Provided data ->
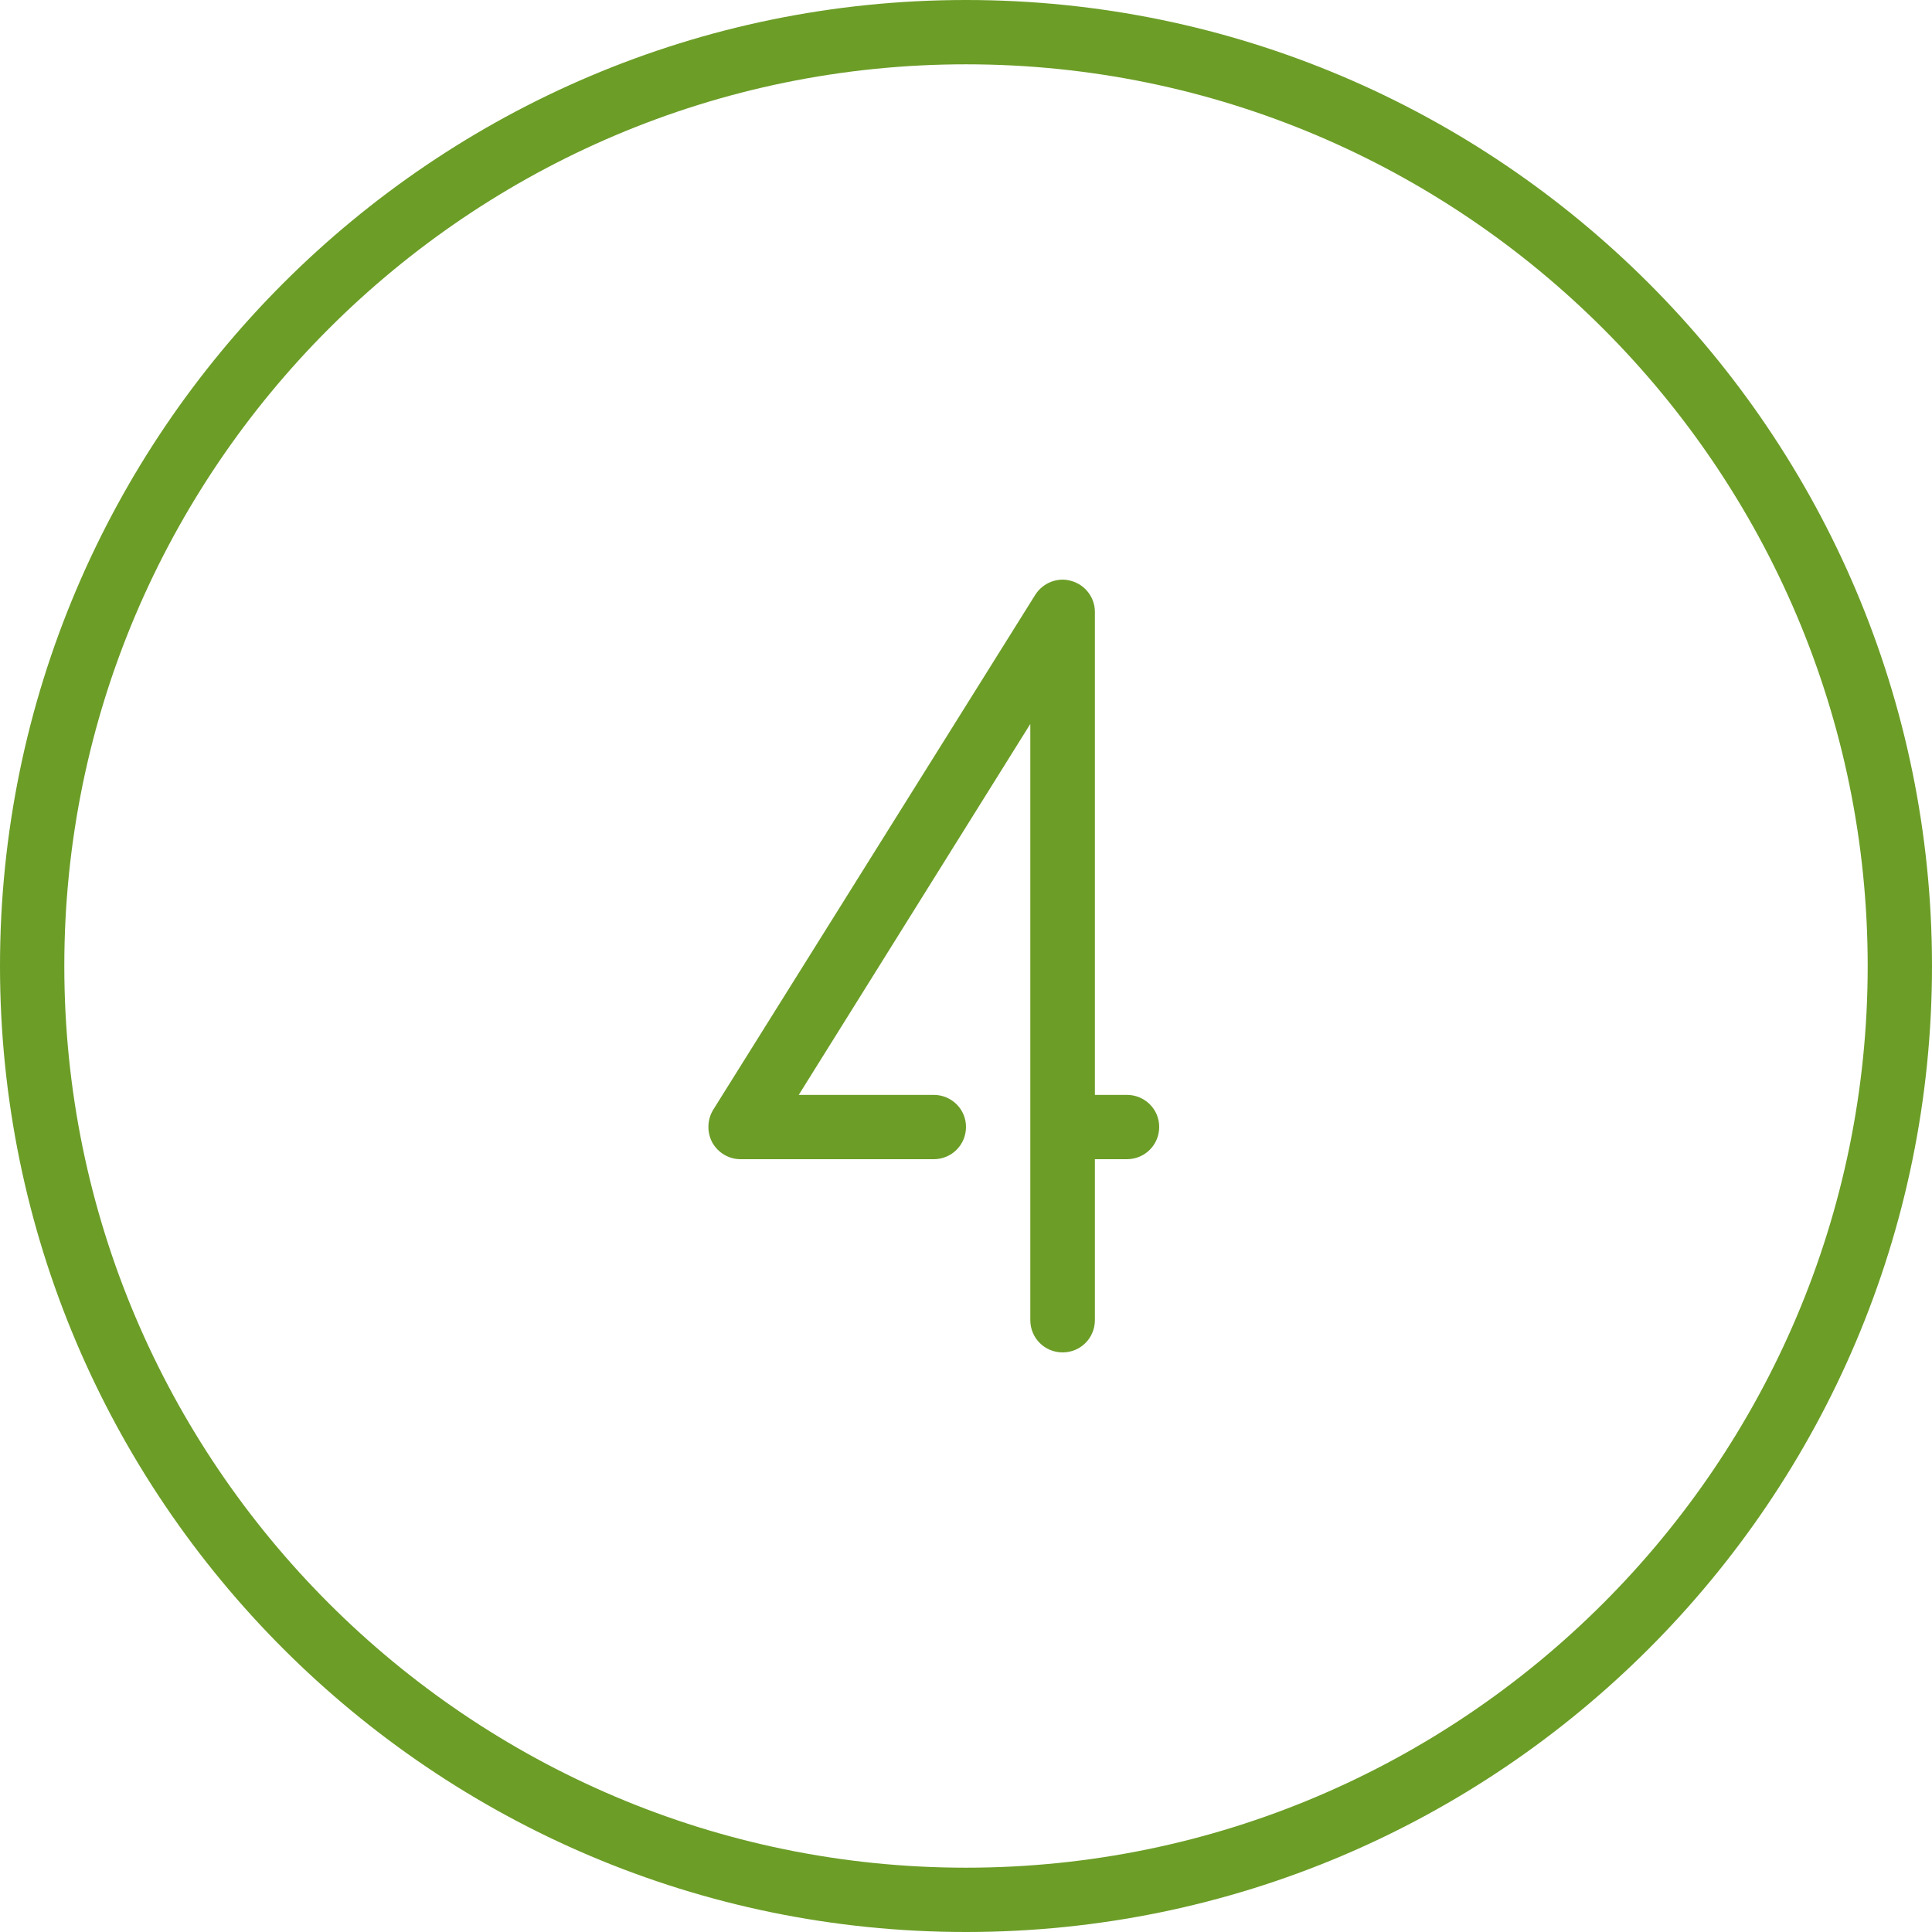 <?xml version="1.0" encoding="UTF-8"?> <svg xmlns="http://www.w3.org/2000/svg" width="7" height="7" viewBox="0 0 7 7" fill="none"> <g clip-path="url(#clip0_29_20)"> <path fill-rule="evenodd" clip-rule="evenodd" d="M4.2 4.083C4.2 4.148 4.148 4.2 4.083 4.2H3.967V4.783C3.967 4.848 3.915 4.9 3.85 4.9C3.785 4.9 3.733 4.848 3.733 4.783V2.623L2.894 3.967H3.383C3.448 3.967 3.5 4.019 3.5 4.083C3.5 4.148 3.448 4.2 3.383 4.2H2.683C2.641 4.2 2.602 4.177 2.581 4.14C2.561 4.103 2.562 4.057 2.584 4.021L3.751 2.155C3.779 2.111 3.833 2.09 3.882 2.105C3.932 2.119 3.967 2.165 3.967 2.217V3.967H4.083C4.148 3.967 4.2 4.019 4.2 4.083ZM3.5 6.767C1.699 6.767 0.233 5.301 0.233 3.5C0.233 1.699 1.699 0.233 3.5 0.233C5.301 0.233 6.767 1.699 6.767 3.5C6.767 5.301 5.301 6.767 3.5 6.767ZM3.5 0C1.57 0 0 1.57 0 3.5C0 5.43 1.57 7 3.5 7C5.43 7 7 5.43 7 3.5C7 1.57 5.43 0 3.5 0Z" fill="#6C9D27"></path> </g> <defs> <clipPath id="clip0_29_20"> <rect width="7" height="7" fill="white"></rect> </clipPath> </defs> </svg> 
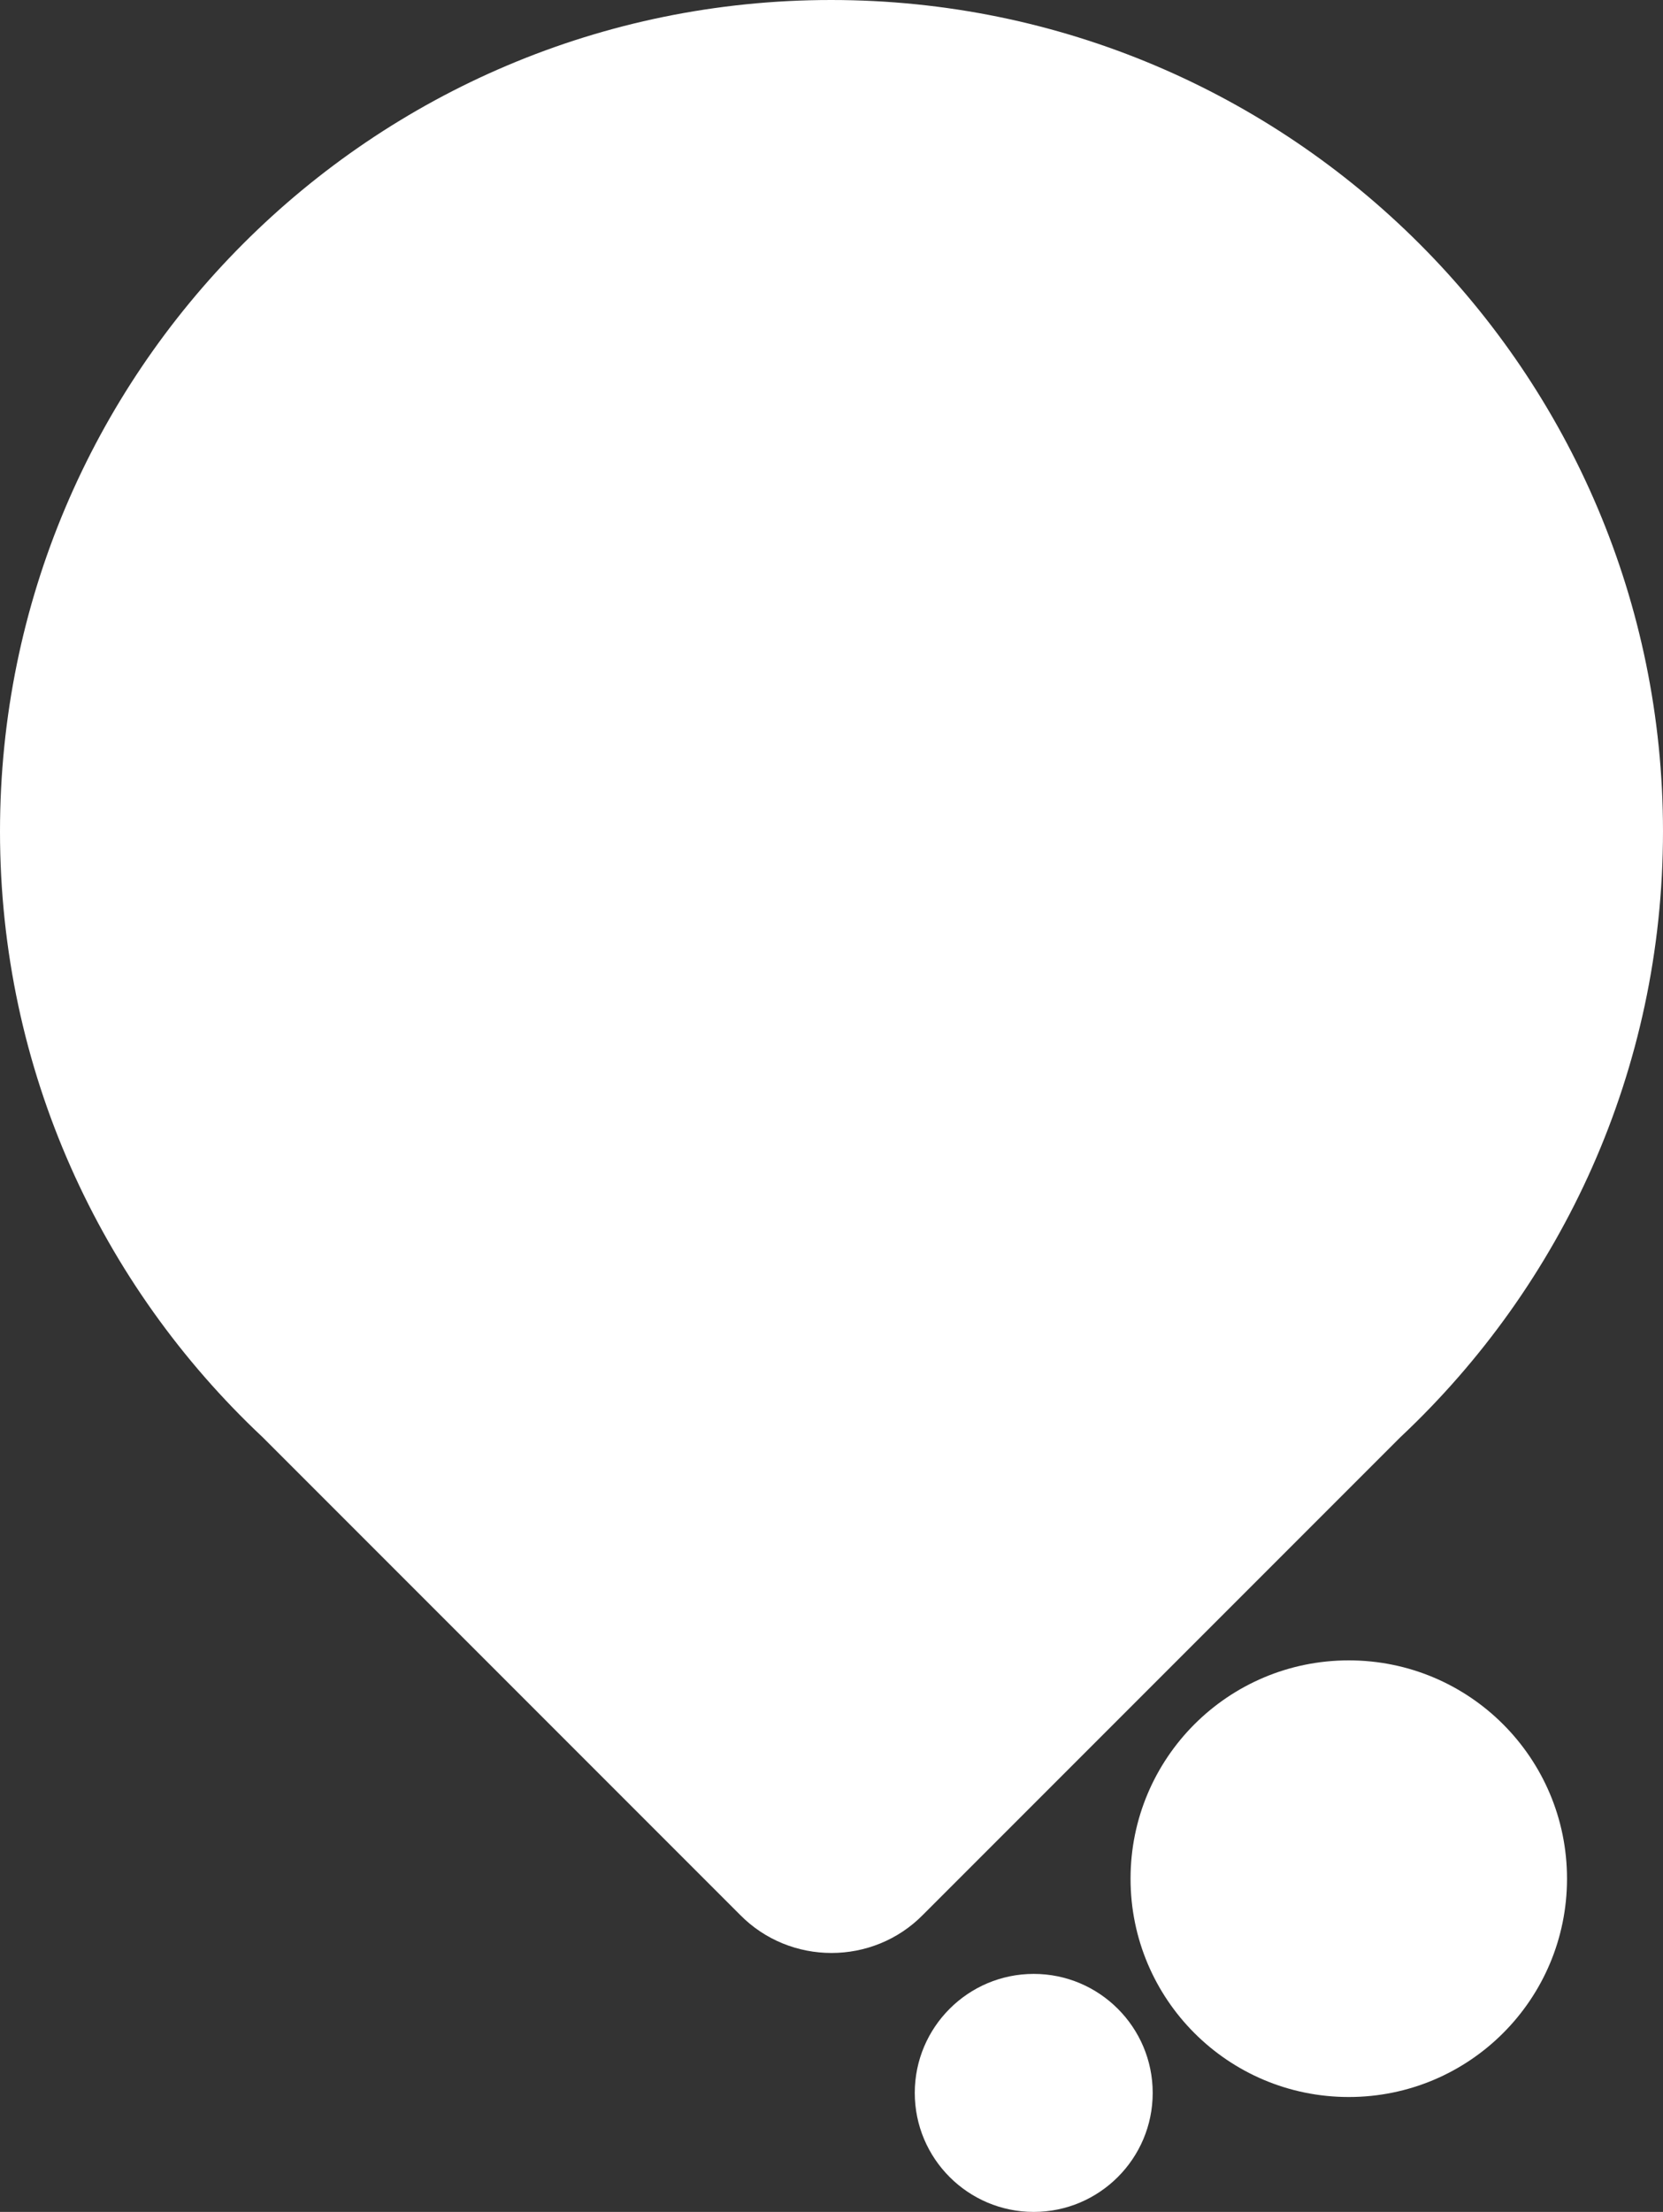 <?xml version="1.0" encoding="UTF-8"?>
<svg xmlns="http://www.w3.org/2000/svg" id="Camada_2" data-name="Camada 2" viewBox="0 0 20.27 26.95">
  <rect x="0" y="0" width="20.27" height="26.95" fill="#333333" stroke="none"/>
  <defs>
    <style>
      .cls-1 {
        fill: #fff;
      }
    </style>
  </defs>
  <g id="Camada_1-2" data-name="Camada 1">
    <g>
      <path class="cls-1" d="M20.27,10.13C20.27,4.54,15.73,0,10.13,0S0,4.54,0,10.13c0,2.91,1.23,5.53,3.2,7.38l5.82,5.82c.61,.62,1.62,.62,2.23,0l5.82-5.82c1.97-1.85,3.2-4.47,3.2-7.38"></path>
      <path class="cls-1" d="M19.1,22.89c0,1.47-1.19,2.66-2.66,2.66s-2.66-1.19-2.66-2.66,1.19-2.66,2.66-2.66,2.66,1.19,2.66,2.66"></path>
      <path class="cls-1" d="M14.05,25.5c0,.8-.65,1.45-1.45,1.45s-1.45-.65-1.45-1.45,.65-1.45,1.45-1.45,1.45,.65,1.45,1.45"></path>
    </g>
  </g>
</svg>

Exercise directions ->
Look over the material above and report each line holding "Camada".

Response area ->
<svg xmlns="http://www.w3.org/2000/svg" id="Camada_2" data-name="Camada 2" viewBox="0 0 20.27 26.95">
  <g id="Camada_1-2" data-name="Camada 1">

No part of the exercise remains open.